BEGIN

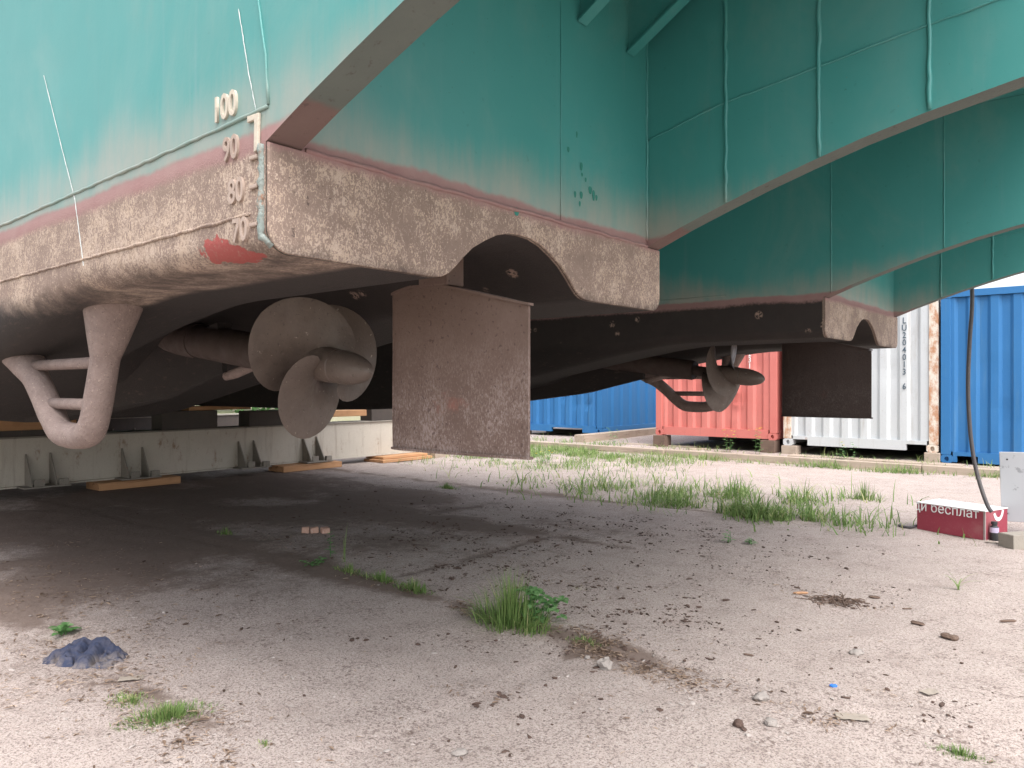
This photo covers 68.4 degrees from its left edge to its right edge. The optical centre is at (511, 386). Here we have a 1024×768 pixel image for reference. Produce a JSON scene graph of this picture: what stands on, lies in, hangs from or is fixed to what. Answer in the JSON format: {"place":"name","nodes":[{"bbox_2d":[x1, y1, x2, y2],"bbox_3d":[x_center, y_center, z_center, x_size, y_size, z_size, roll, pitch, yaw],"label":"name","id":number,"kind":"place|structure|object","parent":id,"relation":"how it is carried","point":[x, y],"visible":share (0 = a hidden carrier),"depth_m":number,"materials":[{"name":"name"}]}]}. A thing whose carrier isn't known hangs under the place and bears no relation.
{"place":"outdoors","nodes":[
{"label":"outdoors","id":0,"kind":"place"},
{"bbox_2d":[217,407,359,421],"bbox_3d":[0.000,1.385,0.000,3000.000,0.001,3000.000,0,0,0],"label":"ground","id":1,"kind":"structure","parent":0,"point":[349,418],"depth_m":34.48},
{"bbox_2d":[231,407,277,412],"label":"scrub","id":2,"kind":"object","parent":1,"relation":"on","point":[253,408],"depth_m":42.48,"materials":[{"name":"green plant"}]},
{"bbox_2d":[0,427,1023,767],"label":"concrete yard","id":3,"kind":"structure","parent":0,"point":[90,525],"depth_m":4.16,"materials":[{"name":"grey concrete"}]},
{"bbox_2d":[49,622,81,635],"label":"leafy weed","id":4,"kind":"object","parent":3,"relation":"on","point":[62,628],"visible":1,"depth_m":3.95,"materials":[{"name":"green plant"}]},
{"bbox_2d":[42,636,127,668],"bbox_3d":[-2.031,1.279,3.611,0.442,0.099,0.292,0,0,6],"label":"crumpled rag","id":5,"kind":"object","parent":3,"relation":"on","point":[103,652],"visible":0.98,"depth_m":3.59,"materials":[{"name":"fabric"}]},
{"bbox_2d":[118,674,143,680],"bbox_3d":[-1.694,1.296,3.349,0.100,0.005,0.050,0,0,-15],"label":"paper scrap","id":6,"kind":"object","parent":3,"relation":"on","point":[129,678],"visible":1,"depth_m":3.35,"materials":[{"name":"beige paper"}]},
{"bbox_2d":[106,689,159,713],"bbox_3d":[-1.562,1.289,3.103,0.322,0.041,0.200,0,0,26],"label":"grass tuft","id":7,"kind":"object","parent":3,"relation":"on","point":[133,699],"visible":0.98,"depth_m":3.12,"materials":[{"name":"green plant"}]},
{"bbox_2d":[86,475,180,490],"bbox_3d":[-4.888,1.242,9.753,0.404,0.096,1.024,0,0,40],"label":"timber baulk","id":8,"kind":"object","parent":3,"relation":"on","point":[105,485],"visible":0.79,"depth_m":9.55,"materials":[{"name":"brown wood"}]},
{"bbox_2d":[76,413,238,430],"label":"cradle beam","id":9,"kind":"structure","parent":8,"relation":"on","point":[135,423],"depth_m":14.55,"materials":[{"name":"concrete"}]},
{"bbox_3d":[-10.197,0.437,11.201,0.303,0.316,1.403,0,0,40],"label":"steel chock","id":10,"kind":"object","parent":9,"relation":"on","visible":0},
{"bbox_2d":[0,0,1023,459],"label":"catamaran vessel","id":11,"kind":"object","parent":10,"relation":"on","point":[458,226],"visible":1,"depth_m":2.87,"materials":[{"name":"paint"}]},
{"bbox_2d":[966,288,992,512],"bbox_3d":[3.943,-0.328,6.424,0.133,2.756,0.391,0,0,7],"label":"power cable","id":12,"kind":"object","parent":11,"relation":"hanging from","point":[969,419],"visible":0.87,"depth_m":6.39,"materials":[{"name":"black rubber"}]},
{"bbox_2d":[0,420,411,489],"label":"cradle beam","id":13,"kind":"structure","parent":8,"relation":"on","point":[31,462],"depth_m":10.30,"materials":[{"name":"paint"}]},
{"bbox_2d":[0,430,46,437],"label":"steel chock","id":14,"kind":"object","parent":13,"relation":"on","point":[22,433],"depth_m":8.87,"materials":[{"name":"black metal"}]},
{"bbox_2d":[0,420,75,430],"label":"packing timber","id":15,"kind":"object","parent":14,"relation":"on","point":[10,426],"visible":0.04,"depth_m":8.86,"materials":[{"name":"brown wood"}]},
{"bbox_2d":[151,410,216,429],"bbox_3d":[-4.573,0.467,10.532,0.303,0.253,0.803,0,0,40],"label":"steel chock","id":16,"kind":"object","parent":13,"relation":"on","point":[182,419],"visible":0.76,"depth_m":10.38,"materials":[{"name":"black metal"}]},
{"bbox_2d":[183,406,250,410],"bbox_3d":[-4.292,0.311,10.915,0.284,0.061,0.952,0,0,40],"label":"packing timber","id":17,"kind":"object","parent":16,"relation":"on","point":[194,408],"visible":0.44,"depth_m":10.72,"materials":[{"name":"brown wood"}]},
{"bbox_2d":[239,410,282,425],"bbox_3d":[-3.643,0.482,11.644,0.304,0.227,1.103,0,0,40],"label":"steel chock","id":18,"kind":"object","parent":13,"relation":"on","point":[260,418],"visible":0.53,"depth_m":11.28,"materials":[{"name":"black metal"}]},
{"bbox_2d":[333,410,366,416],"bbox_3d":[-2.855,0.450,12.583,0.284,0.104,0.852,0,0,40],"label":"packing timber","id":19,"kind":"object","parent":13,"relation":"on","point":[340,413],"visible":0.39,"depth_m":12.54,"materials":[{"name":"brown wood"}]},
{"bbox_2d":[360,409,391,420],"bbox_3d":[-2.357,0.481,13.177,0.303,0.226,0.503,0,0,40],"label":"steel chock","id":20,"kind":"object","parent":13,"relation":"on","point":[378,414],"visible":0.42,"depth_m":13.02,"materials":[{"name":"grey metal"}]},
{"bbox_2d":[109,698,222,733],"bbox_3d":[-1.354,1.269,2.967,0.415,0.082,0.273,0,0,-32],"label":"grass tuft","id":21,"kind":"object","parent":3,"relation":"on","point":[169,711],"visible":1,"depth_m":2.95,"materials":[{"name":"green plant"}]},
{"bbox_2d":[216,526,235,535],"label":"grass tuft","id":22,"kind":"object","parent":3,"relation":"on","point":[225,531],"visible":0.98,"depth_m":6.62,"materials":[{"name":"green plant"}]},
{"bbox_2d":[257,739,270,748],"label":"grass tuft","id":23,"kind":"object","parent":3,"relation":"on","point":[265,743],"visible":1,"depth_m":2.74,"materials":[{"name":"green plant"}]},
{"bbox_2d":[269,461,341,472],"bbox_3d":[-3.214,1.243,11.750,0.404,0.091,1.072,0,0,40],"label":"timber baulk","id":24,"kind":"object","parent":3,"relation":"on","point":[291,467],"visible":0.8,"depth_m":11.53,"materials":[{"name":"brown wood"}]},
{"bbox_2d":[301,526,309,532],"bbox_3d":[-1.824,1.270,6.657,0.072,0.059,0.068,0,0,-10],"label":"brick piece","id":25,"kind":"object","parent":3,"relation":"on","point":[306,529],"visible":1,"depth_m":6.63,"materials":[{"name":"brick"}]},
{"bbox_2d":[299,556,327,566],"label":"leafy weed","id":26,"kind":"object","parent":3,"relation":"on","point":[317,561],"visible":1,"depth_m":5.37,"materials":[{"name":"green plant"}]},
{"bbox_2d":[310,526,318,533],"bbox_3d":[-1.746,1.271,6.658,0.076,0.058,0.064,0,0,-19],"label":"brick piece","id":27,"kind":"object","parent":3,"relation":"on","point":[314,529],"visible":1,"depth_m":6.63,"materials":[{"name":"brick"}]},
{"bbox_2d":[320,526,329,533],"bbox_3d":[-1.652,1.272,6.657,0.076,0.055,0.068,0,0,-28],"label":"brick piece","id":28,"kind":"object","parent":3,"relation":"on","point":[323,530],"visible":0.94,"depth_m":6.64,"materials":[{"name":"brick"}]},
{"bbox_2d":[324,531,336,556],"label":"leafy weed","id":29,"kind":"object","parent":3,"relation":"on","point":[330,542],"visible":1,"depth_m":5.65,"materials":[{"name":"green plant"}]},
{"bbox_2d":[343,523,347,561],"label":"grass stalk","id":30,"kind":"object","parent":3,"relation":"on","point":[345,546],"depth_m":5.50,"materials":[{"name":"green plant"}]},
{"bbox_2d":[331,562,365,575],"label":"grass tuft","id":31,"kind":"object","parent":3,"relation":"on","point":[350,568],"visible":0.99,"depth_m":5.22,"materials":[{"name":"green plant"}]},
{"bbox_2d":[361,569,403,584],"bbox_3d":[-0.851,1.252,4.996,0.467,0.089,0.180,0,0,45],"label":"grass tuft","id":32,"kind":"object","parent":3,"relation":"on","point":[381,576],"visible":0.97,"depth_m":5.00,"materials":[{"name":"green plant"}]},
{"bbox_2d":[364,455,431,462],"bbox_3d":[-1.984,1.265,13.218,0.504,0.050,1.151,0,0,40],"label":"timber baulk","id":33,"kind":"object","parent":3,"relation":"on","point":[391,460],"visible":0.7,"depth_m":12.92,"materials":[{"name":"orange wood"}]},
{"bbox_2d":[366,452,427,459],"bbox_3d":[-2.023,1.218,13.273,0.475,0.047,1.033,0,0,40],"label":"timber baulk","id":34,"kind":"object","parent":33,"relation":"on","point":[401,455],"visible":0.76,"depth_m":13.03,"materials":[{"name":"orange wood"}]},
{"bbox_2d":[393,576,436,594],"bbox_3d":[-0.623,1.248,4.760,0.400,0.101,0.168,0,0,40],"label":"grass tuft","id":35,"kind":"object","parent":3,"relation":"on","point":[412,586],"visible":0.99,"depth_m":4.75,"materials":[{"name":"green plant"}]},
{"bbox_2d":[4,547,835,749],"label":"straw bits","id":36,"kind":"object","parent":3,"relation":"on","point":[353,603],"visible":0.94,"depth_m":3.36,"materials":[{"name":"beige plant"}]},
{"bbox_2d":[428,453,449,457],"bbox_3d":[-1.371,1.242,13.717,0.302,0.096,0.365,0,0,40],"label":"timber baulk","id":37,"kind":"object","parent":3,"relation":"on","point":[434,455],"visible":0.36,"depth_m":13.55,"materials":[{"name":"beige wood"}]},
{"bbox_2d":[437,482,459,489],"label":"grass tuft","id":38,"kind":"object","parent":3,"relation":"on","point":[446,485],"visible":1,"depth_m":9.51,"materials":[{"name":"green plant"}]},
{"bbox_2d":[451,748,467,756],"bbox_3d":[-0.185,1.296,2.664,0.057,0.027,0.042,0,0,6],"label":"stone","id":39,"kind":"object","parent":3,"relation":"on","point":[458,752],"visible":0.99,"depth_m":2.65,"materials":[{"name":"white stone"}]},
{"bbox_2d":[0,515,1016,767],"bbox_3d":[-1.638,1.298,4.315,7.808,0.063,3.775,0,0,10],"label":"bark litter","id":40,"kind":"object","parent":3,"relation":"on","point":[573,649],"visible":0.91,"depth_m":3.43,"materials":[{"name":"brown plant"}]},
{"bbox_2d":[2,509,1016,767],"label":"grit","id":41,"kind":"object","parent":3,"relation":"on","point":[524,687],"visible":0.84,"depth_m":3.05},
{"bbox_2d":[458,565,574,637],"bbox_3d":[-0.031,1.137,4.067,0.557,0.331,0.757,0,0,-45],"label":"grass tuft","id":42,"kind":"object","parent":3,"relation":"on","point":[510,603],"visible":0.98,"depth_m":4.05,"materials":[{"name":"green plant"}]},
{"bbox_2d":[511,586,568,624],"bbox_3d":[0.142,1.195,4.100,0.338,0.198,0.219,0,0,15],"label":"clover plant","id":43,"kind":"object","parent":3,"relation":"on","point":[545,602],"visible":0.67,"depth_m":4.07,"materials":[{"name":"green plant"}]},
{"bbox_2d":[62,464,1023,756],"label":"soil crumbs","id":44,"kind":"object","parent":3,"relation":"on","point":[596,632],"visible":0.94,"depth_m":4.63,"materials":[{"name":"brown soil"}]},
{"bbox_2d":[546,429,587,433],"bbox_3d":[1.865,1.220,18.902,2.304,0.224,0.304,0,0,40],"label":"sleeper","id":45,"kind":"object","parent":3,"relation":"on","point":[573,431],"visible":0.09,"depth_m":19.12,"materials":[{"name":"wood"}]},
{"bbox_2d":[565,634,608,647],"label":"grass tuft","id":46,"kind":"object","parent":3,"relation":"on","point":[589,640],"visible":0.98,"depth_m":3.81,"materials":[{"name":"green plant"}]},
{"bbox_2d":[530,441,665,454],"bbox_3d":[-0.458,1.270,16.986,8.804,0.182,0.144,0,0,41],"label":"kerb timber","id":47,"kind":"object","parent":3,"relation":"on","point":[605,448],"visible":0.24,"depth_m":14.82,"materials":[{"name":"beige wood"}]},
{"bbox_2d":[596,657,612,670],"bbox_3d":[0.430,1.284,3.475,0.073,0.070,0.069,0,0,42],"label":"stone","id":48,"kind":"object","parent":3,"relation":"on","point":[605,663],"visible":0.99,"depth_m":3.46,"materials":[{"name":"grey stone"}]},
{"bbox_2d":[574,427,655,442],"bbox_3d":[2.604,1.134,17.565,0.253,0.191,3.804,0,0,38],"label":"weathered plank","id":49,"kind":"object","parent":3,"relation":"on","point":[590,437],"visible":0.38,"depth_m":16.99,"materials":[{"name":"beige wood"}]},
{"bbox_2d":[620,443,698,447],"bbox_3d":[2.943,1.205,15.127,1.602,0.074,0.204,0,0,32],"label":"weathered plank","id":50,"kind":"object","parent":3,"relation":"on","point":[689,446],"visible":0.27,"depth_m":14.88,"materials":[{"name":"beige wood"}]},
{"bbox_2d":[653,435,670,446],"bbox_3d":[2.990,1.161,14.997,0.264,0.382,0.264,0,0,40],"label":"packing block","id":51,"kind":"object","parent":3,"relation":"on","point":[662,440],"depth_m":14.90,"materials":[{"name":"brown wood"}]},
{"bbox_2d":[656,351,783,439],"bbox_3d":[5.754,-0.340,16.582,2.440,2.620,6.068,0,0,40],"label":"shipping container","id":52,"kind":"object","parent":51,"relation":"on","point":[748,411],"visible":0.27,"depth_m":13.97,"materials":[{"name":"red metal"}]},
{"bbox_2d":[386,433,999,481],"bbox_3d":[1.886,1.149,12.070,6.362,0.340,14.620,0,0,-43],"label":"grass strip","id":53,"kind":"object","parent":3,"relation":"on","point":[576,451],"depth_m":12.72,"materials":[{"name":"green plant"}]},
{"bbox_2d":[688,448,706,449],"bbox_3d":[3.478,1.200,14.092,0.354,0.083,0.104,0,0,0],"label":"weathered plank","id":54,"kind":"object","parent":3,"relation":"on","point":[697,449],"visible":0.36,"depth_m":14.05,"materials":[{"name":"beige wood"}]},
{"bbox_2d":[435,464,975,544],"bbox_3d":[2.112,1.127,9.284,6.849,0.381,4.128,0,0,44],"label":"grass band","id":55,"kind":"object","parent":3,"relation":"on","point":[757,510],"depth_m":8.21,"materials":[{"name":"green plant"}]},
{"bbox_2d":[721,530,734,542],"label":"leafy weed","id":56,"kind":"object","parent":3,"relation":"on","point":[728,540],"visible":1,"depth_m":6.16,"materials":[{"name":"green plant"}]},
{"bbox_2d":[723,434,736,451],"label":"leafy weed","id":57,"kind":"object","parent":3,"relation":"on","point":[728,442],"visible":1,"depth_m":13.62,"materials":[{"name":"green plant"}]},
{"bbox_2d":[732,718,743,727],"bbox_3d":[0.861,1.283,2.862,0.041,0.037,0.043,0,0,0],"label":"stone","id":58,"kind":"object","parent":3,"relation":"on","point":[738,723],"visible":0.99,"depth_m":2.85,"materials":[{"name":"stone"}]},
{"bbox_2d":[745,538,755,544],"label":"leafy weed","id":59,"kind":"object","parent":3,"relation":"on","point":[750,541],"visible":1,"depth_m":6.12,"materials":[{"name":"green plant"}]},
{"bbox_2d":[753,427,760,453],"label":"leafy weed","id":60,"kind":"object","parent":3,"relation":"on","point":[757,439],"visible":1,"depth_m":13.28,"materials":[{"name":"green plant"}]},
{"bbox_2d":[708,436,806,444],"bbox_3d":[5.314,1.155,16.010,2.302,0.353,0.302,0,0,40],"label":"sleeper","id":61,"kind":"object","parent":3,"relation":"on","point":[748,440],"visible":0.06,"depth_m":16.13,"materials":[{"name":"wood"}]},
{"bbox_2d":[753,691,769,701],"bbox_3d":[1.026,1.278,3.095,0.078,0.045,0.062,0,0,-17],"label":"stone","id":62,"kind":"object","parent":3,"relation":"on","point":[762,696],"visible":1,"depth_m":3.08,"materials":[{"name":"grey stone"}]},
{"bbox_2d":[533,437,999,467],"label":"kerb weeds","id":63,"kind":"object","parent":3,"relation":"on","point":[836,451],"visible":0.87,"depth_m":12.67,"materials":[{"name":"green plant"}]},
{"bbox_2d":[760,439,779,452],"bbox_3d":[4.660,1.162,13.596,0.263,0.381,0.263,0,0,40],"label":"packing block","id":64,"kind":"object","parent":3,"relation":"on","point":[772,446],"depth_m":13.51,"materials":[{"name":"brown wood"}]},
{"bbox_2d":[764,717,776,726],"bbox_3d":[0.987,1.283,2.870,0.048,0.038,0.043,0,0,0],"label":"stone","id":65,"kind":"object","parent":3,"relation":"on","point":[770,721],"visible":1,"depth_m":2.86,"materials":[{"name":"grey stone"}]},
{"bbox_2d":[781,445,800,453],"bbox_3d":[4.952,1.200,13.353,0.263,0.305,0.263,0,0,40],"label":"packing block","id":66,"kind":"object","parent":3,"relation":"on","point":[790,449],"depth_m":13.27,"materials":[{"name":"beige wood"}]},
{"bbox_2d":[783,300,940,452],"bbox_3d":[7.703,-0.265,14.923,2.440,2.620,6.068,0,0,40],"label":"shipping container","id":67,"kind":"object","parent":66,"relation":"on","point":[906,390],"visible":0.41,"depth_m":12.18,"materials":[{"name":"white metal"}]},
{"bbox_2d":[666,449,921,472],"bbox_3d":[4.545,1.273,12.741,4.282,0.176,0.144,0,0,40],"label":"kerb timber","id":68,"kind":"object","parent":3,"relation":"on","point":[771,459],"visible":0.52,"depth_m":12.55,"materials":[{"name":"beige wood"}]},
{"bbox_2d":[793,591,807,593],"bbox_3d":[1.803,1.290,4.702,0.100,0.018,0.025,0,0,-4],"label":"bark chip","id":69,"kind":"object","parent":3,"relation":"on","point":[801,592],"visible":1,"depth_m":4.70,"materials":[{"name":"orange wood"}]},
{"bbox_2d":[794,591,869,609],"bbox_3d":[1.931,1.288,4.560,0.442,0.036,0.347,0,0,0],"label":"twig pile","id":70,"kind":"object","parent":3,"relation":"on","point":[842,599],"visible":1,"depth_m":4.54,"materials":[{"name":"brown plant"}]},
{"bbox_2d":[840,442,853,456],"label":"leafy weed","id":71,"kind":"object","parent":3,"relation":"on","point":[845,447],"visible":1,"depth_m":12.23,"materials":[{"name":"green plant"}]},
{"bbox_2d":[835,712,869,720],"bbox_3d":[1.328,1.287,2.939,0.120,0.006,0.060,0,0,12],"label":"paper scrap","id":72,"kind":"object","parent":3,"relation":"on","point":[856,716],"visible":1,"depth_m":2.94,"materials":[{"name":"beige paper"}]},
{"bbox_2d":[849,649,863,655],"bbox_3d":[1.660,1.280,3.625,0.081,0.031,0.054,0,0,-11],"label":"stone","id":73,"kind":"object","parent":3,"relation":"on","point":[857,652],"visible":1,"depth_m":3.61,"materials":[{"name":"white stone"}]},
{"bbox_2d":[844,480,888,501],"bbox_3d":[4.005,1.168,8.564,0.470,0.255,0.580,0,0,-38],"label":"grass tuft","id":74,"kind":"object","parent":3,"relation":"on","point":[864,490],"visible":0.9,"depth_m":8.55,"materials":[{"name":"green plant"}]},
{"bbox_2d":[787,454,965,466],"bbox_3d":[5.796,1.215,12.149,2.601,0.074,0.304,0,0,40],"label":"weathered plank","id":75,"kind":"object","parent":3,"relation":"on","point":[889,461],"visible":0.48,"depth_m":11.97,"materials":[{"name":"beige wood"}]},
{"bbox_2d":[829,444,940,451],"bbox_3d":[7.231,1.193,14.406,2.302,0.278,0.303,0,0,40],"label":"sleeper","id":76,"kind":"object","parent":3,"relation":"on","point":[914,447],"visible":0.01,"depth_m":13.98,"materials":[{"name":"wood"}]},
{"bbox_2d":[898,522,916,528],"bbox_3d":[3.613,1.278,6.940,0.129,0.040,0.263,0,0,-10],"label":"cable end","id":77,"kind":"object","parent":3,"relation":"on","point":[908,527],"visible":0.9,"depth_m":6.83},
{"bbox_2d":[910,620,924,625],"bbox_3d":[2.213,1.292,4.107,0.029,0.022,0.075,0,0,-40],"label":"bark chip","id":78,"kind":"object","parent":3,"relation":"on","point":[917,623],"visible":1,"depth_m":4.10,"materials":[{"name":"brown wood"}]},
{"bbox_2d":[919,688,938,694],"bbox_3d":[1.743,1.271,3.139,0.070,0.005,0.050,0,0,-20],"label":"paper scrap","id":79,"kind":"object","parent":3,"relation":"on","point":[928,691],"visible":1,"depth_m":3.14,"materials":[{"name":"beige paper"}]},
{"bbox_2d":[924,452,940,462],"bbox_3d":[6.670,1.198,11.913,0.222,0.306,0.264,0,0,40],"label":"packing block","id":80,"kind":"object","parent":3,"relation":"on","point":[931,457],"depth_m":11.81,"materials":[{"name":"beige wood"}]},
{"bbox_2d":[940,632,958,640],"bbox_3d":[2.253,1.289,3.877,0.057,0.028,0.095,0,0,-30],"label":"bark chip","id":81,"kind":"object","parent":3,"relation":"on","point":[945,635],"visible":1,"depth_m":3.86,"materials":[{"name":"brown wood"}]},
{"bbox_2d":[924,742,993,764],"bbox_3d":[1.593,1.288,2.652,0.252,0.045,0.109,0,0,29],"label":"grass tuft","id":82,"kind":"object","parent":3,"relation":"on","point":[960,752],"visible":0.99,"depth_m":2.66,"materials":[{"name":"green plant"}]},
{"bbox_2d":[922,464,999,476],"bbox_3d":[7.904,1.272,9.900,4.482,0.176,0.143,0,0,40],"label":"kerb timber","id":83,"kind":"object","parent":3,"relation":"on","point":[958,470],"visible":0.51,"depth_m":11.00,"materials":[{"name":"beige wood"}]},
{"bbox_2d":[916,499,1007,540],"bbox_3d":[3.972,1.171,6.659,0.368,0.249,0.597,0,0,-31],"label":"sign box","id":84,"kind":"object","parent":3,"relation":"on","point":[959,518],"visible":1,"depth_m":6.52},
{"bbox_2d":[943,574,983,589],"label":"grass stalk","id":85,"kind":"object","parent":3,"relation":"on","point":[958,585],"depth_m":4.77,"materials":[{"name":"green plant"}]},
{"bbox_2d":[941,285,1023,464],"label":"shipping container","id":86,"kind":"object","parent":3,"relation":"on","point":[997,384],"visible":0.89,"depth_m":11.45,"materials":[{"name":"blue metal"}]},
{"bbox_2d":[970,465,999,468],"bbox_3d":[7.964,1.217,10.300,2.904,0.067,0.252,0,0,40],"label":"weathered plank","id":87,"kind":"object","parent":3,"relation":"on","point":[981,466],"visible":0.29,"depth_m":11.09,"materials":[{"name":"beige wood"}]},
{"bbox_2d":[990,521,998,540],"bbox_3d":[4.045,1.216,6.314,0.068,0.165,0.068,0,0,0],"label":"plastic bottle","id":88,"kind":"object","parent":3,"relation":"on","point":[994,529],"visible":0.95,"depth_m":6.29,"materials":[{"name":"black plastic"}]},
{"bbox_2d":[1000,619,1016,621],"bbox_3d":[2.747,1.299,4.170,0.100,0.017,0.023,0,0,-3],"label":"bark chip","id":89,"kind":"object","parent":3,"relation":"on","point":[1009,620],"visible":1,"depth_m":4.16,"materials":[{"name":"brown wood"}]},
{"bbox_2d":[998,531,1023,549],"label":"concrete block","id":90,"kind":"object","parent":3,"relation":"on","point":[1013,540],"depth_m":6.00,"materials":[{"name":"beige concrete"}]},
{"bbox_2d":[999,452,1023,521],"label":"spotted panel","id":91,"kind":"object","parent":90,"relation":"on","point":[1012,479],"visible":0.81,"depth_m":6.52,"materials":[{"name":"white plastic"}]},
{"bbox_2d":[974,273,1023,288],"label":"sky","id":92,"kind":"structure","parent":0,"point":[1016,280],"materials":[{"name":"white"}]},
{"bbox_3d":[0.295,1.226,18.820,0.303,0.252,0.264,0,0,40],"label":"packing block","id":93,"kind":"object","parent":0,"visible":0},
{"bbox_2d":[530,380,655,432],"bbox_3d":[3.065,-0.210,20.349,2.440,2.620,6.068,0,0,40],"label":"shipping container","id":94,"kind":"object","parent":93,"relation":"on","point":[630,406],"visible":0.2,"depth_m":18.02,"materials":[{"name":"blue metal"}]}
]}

END

Work request: Using the data above, count the lines that include "orange" and write the number alone.

Written response: 3